De telles perspectives soulèvent bien entendu de nombreuses questions, notamment sur l’avenir des métiers. « Les métiers d’analyse vont disparaître dans leur forme actuelle. Cela concerne notamment les sociétés de consultance ou les cabinets d’avocats, qui vendent du temps pour aller chercher de l’information, étudier des cas… Cela, l’IA sera capable de le faire plus efficacement », explique François Barrault, qui préfère d’ailleurs parler d’intelligence « augmentée » ou « additionnelle » plutôt qu’artificielle.

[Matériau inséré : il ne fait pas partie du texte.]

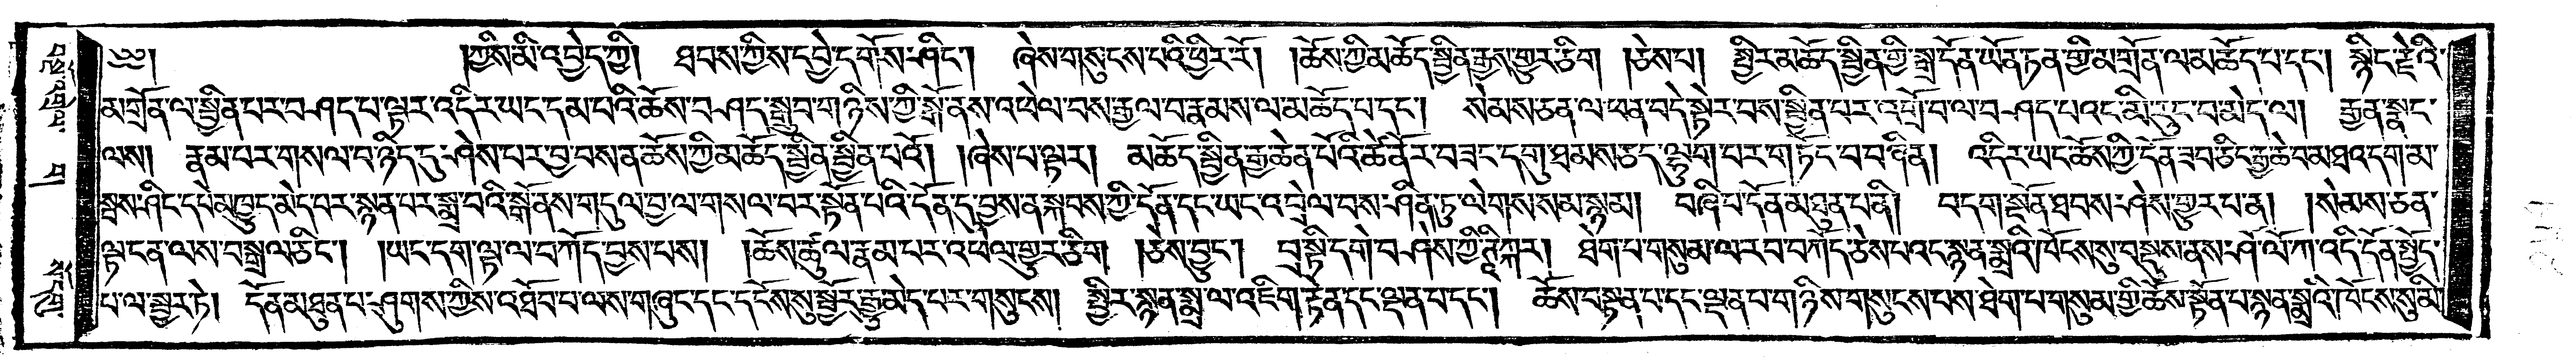༄༅། །ཀྱིས་མི་འབྱེད་ཀྱི། ཐབས་ཀྱིས་དབྱེ་དགོས་ཤིང་། ཞེས་གསུངས་པའི་ཕྱིར་རོ། །ཆོས་ཀྱི་མཆོད་སྦྱིན་རྒྱས་གྱུར་ཅིག །ཅེས་པ། སྤྱིར་མཆོད་སྦྱིན་གྱི་སྒྲ་དོན་ཡོན་ཏན་གྱི་མགྲོན་ལ་མཆོད་པ་དང་། སྙིང་རྗེའི་
མགྲོན་ལ་སྦྱིན་པར་བཤད་པ་ལྟར་འདིར་ཡང་དམ་པའི་ཆོས་བཤད་སྒྲུབ་གཉིས་ཀྱི་སྒོ་ནས་འཕེལ་བས་རྒྱལ་བ་རྣམས་ལ་མཆོད་པ་དང་། སེམས་ཅན་ལ་ཕན་བདེ་སྟེར་བས་སྦྱིན་པར་འགྲོ་བ་ལ་བཤད་པའང་མི་རུང་བ་མེད་ལ། རྒྱན་སྣང་
ལས། རྣམ་པར་གསལ་བ་ཉིད་དུ་ཤེས་པར་བྱ་བས་ན་ཆོས་ཀྱི་མཆོད་སྦྱིན་སྦྱིན་པའོ། །ཞེས་པ་ལྟར། མཆོད་སྦྱིན་རྒྱ་ཆེན་པོའི་ཚེ་ནོར་བཟང་དགུ་ཐམས་ཅད་ལྟུག་པར་གཏོང་པ་བཞིན། འདིར་ཡང་ཆོས་ཀྱི་དོན་ཟབ་ཅིང་རྒྱ་ཆེ་བ་མཐའ་དག་མ་
སྦས་ཤིང་དཔེ་མཁྱུད་མེད་པར་སྙན་པར་སྨྲ་བའི་སྒོ་ནས་གདུལ་བྱ་ལ་གསལ་བར་སྟོན་པའི་དོན་དུ་བྱས་ན་སྐབས་ཀྱི་དོན་དང་ཡང་འབྲེལ་བས་ཤིན་ཏུ་ལེགས་སམ་སྙམ། བཞི་པ་དོན་མཐུན་པ་ནི། བདག་སྔོན་ཐབས་ཤེས་གྱུར་པ་ན། །སེམས་ཅན་
ལྟང་ན་ལས་བསྒྲལ་ཅིང་། །ཡང་དག་ལྟ་ལ་བཀོད་བྱས་པས། །ཆོས་ཚུལ་རྣམ་པར་འཕེལ་གྱུར་ཅིག །ཅེས་བྱུང་། བྲ་སྟི་དགེ་བཤེས་ཀྱི་ཊཱིཀྐར། ཐེག་པ་གསུམ་ལ་རབ་བཀོད་ཅེས་པའང་སྙན་སྨྲའི་ཁོངས་སུ་བསྡུས་ནས་ཤོ་ལོ་ཀ་འདི་དོན་སྤྱོད་
པ་ལ་སྦྱར་ཏེ། དོན་མཐུན་པ་ཤུགས་ཀྱིས་འཐོབ་བ་ལས་གཞུང་དང་དངོས་སུ་སྦྱོར་རྒྱུ་མེད་པར་གསུངས། སྤྱིར་སྙན་སྨྲ་ལ་འཇིག་རྟེན་དང་ལྡན་པ་དང་། ཆོས་བསྟན་པ་དང་ལྡན་པ་གཉིས་གསུངས་པས་ཐེག་པ་གསུམ་གྱི་ཆོས་སྟོན་པ་སྙན་སྨྲའི་ཁོངས་སུ་མི་

« Si je prends une comparaison, ChatGPT a d’abord été comme un élève d’école primaire, puis un élève d’école secondaire, puis un assistant personnel. Il va devenir un chef de cabinet, mais ce ne sera jamais un ministre ; ce n’est pas à lui de prendre des décisions. »
Recentrage sur les compétences humaines
À ses yeux, ce ne sont pas tant certains métiers qui vont disparaître que certains profils : « Ceux qui sont peu ouverts aux émotions, qui ont peu d’intérêt pour l’humain. L’équilibre gagnant, ce seront les gens capables d’utiliser la technologie et qui sauront développer leur réflexion, leur empathie, leurs qualités d’accompagnement. »
Peut-être est-ce là la véritable révolution de l’IA : le recentrage sur les compétences humaines, dites « transversales » ou « comportementales » – en d’autres mots, les soft skills. Cela concerne bien entendu l’enseignement : « On peut imaginer que la technologie réorganise l'enseignement autour de l'élève, ses forces et ses faiblesses. Dès lors, le métier de l’enseignant va évoluer. Ce ne sera sans doute plus ce métier de ‘sachant’ qui transmet l’information à des apprenants, mais il restera plus que jamais nécessaire pour faire en sorte que les gens travaillent ensemble, réfléchissent ensemble, confrontent leurs avis, argumentent... Parce qu’on ne pourra pas travailler en ayant seulement recours à ChatGPT. Tout le temps-machine qu'on va pouvoir économiser sur un certain nombre de tâches plutôt répétitives, on va pouvoir le dégager pour des tâches à valeur humaine. »
De quoi, selon François Barrault, se montrer optimiste.